§ **RECORDED DATA**:
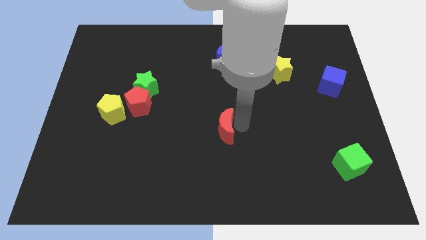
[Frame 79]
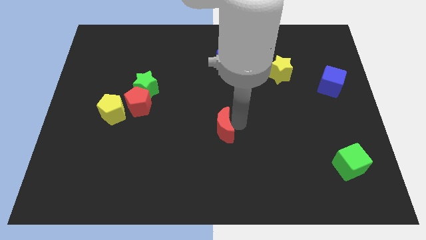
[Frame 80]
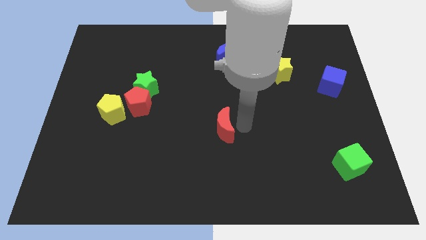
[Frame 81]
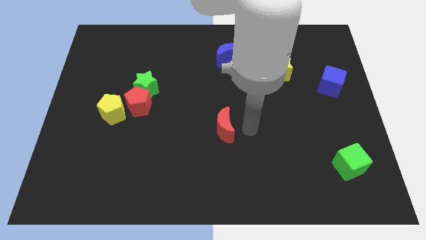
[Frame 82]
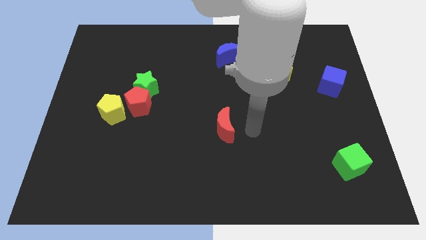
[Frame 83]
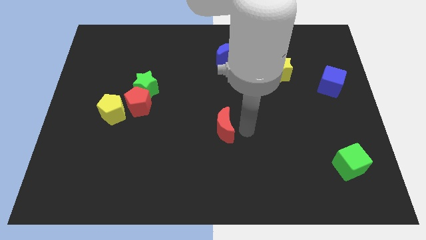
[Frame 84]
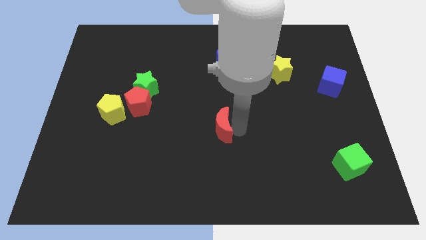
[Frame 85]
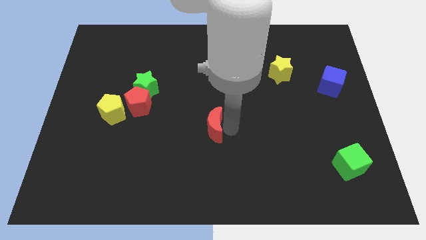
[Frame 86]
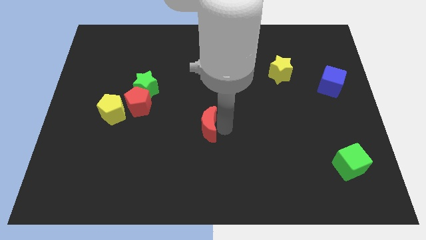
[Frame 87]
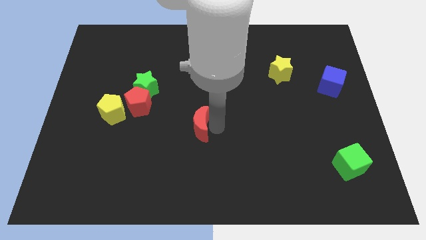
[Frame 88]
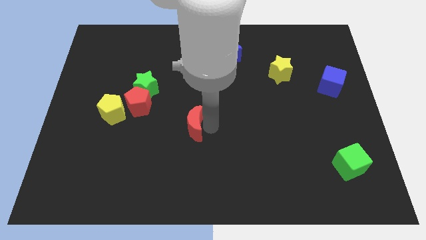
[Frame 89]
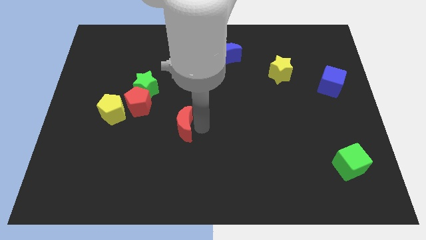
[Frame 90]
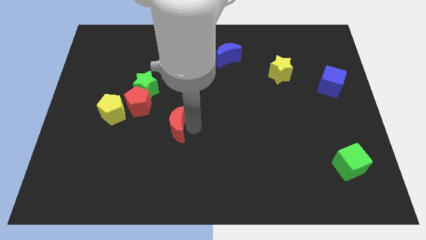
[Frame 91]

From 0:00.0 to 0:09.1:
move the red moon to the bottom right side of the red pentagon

§ **TASK DESCRIPTION**:
Every line above is to be repeated exactly, but no picture is to appear in the copy.

§ **SOLUTION TO THE PROBLEM**:
[Frame 79]
[Frame 80]
[Frame 81]
[Frame 82]
[Frame 83]
[Frame 84]
[Frame 85]
[Frame 86]
[Frame 87]
[Frame 88]
[Frame 89]
[Frame 90]
[Frame 91]

From 0:00.0 to 0:09.1:
move the red moon to the bottom right side of the red pentagon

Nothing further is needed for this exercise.